Sonraları bölge halkını da tehdit,ikna ve para gibi çeşitli senaryolar ile kandırarak destek aramıştır. Siyasi ve askeri net kararlar sayesinde tedbirler alınarak, milli sınırlarımız içinde (Sınır ötesi de) silaha silahla karşılık vererek PKK’nın beli kırılmıştır.
Bugünkü ulaşılmış olan bu noktadan sonra bu mücadele için yeni bir strateji saptamak gerekiyorsa,şüphe yok ki önce,gerçekçi ve bilimsel bir durum tespiti ve değerlendirme yapmak gerekir.
7. Sonuç :
Bugün Türkiye'nin bulunduğu vatan sathı ,büyük tarihi olaylarında gösterdiği gibi,değişen stratejilerin düğümlendiği coğrafi bir bölgedir.
Türkiye şüphesiz, her şeyden önce kendi bekasını ve refah düzeyini korumakla,aynı zamanda bölge ve dünya çapında barışa da hizmet etmiş olmaktadır. Atatürk'ün hedef olarak göstermiş olduğu çağdaş uygarlık düzeyine ulaşacaktır.
A. KİTABIN ANA FİKRİ :
Yakın bildiği,gözlemlediği stratejik sorunlarla ilgili değerlendirmelerini ve birikimini yansıtmaktadır.
B. KİTAP HAKKINDA ŞAHSİ GÖRÜŞLER :
Ülkemizin gelecek için oluşturulacak bölgesel politika ve stratejilere ışık tutması,
C. KİTAP HAKKINDA DEĞERLENDİRME VE TEKLİFLER :
Ülkemizin, bütünlüğü ve ulusal varlığını koruma çabasını her zamankinden daha fazla göstermek zorunda olduğunu anlatmaktadır.

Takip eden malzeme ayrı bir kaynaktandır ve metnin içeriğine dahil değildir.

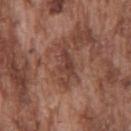biopsy status: imaged on a skin check; not biopsied
site: the chest
lighting: white-light
image: total-body-photography crop, ~15 mm field of view
automated lesion analysis: a lesion color around L≈42 a*≈21 b*≈25 in CIELAB and about 8 CIELAB-L* units darker than the surrounding skin; a color-variation rating of about 3/10 and a peripheral color-asymmetry measure near 1; a detector confidence of about 55 out of 100 that the crop contains a lesion
lesion size: ≈6 mm
patient: male, aged around 75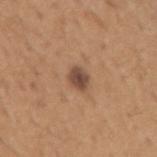{"biopsy_status": "not biopsied; imaged during a skin examination", "lesion_size": {"long_diameter_mm_approx": 2.5}, "image": {"source": "total-body photography crop", "field_of_view_mm": 15}, "lighting": "white-light", "automated_metrics": {"cielab_L": 47, "cielab_a": 19, "cielab_b": 28, "vs_skin_contrast_norm": 9.5, "border_irregularity_0_10": 1.5, "color_variation_0_10": 2.5, "peripheral_color_asymmetry": 0.5, "nevus_likeness_0_100": 65, "lesion_detection_confidence_0_100": 100}, "site": "arm", "patient": {"sex": "male", "age_approx": 65}}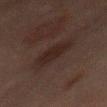Cropped from a whole-body photographic skin survey; the tile spans about 15 mm. Captured under cross-polarized illumination. The lesion's longest dimension is about 6 mm. A male patient roughly 65 years of age. The lesion is on the front of the torso.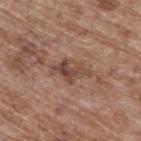Part of a total-body skin-imaging series; this lesion was reviewed on a skin check and was not flagged for biopsy.
The lesion's longest dimension is about 4.5 mm.
Imaged with white-light lighting.
An algorithmic analysis of the crop reported a lesion area of about 8 mm² and two-axis asymmetry of about 0.25. It also reported a border-irregularity rating of about 3.5/10, internal color variation of about 6 on a 0–10 scale, and a peripheral color-asymmetry measure near 2.
A male subject in their 70s.
A lesion tile, about 15 mm wide, cut from a 3D total-body photograph.
On the upper back.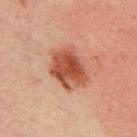<case>
  <biopsy_status>not biopsied; imaged during a skin examination</biopsy_status>
  <image>
    <source>total-body photography crop</source>
    <field_of_view_mm>15</field_of_view_mm>
  </image>
  <site>mid back</site>
  <patient>
    <sex>male</sex>
    <age_approx>30</age_approx>
  </patient>
</case>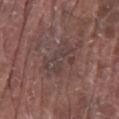Clinical impression: Recorded during total-body skin imaging; not selected for excision or biopsy. Clinical summary: Measured at roughly 5 mm in maximum diameter. The patient is a male in their 80s. Automated image analysis of the tile measured a lesion area of about 12 mm², a shape eccentricity near 0.85, and a shape-asymmetry score of about 0.3 (0 = symmetric). It also reported a normalized border contrast of about 5. The analysis additionally found an automated nevus-likeness rating near 0 out of 100. This is a white-light tile. A 15 mm close-up tile from a total-body photography series done for melanoma screening. From the mid back.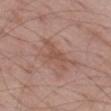Impression: Recorded during total-body skin imaging; not selected for excision or biopsy. Context: The lesion is located on the leg. Approximately 5 mm at its widest. Cropped from a whole-body photographic skin survey; the tile spans about 15 mm. The patient is a male in their mid- to late 50s.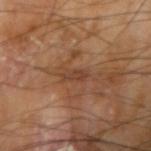Impression:
No biopsy was performed on this lesion — it was imaged during a full skin examination and was not determined to be concerning.
Context:
Cropped from a total-body skin-imaging series; the visible field is about 15 mm. Located on the right upper arm. The subject is a male aged 63–67.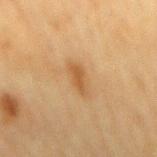| field | value |
|---|---|
| biopsy status | total-body-photography surveillance lesion; no biopsy |
| acquisition | ~15 mm tile from a whole-body skin photo |
| patient | female, roughly 55 years of age |
| location | the mid back |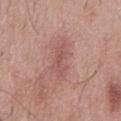biopsy_status: not biopsied; imaged during a skin examination
image:
  source: total-body photography crop
  field_of_view_mm: 15
automated_metrics:
  area_mm2_approx: 6.0
  eccentricity: 0.95
  shape_asymmetry: 0.3
  cielab_L: 54
  cielab_a: 23
  cielab_b: 24
  vs_skin_contrast_norm: 5.5
  border_irregularity_0_10: 4.0
  color_variation_0_10: 2.0
  peripheral_color_asymmetry: 0.5
patient:
  sex: male
  age_approx: 55
site: mid back
lesion_size:
  long_diameter_mm_approx: 4.5
lighting: white-light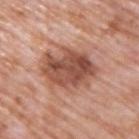The lesion was tiled from a total-body skin photograph and was not biopsied. Captured under white-light illumination. A lesion tile, about 15 mm wide, cut from a 3D total-body photograph. A male patient, about 70 years old. Approximately 6.5 mm at its widest. The lesion is located on the upper back.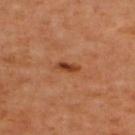No biopsy was performed on this lesion — it was imaged during a full skin examination and was not determined to be concerning. A male subject, aged 63 to 67. This is a cross-polarized tile. About 2.5 mm across. Cropped from a total-body skin-imaging series; the visible field is about 15 mm. On the upper back.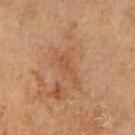Clinical impression: No biopsy was performed on this lesion — it was imaged during a full skin examination and was not determined to be concerning. Background: Captured under cross-polarized illumination. A 15 mm close-up tile from a total-body photography series done for melanoma screening. The total-body-photography lesion software estimated a lesion color around L≈51 a*≈22 b*≈36 in CIELAB and a lesion–skin lightness drop of about 6. The analysis additionally found a within-lesion color-variation index near 0.5/10. The analysis additionally found a classifier nevus-likeness of about 0/100 and lesion-presence confidence of about 100/100. A male patient approximately 70 years of age. On the arm.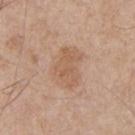Q: What kind of image is this?
A: ~15 mm crop, total-body skin-cancer survey
Q: How was the tile lit?
A: white-light
Q: Patient demographics?
A: male, approximately 55 years of age
Q: What is the anatomic site?
A: the upper back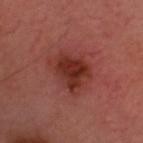biopsy status = total-body-photography surveillance lesion; no biopsy
subject = male, in their 60s
image source = ~15 mm crop, total-body skin-cancer survey
lesion diameter = ~4.5 mm (longest diameter)
lighting = cross-polarized
site = the head or neck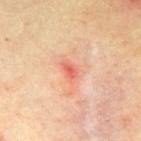biopsy status=catalogued during a skin exam; not biopsied | acquisition=15 mm crop, total-body photography | location=the abdomen | illumination=cross-polarized | patient=male, in their mid- to late 60s.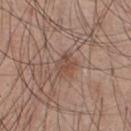On the front of the torso. This is a white-light tile. The recorded lesion diameter is about 3 mm. A male patient approximately 25 years of age. A region of skin cropped from a whole-body photographic capture, roughly 15 mm wide.

D.YAZARIN BİYOGRAFİSİ: Necip Torumtay
24 Temmuz 1987 - 3 Eylül 1990
Orgeneral TORUMTAY; 1926 yılında Trabzon'nun Vakfıkebir İlçesi'nde doğdu. 1944 yılında Topçu Asteğmen rütbesi ile Harp Okulu'ndan mezun oldu. 1946 yılında Topçu Sınıf Okulu'nu bitirdi. Muhtelif Topçu Birliklerinde Takım Komutanlığı ve Topçu Okulu'nda öğretmenlik yaptı. 1954 yılında Harp Akademisi'ni bitirerek Kurmay oldu. 1970 yılına kadar çeşitli karargah ve birliklerde, Tokyo Kara Ataşe Muavinliği ve TMR Kara Plan Subaylığı görevlerinde bulundu. 1970 yılında Tuğgeneral, 1974 yılında Tümgeneral, 1978 yılında Korgeneral ve 1982 yılında Orgenralliğe yükseldi. Tuğgeneral rütbesi ile 1 nci Zırhlı Tümen Komutan Yardımcılığı, 2 nci Zırhlı Tugay Komutanlığı ve SHAPE Harekat Plan Daire Başkanlığı, Tümgeneral rütbesi ile Genelkumay Plan Harekat Daire Başkanlığı ve 4 ncü Piyade Tümen Komutanlığı, Korgeneral rütbesinde Kıbrıs Türk Barış Kuvvetleri Komutanlığı, Genelkurmay Harekat Başkanlığı ve Genelkurmay Genel Plan ve Prensipler Başkanlığı görevlerinde bulundu. Orgeneral rütbesinde Devlet Başkanlığı ve Milli Güvenlik Konseyi Genelsekreter Yardımcılığı, Cumhurbaşkanlığı ve Milli Güvenlik Konseyi Genelsekreter Yardımcılığı ve Genelsekreterliği, Genelkurmay II nci Başkanlığı ve 1 nci Ordu Komutanlığı yaptı.
2 Temmuz 1987 tarihinde Kara Kuvvetleri Komutanlığı'na, 24 Temmuz 1987 tarihinde Genelkurmay Başkanlığına atandı. 3 Aralık 1990 tarihinde kendi isteği ile Genelkurmay Başkanlığı görevinden emekliye ayrıldı.
İngilizce bilir. Evli ve iki çocukludur.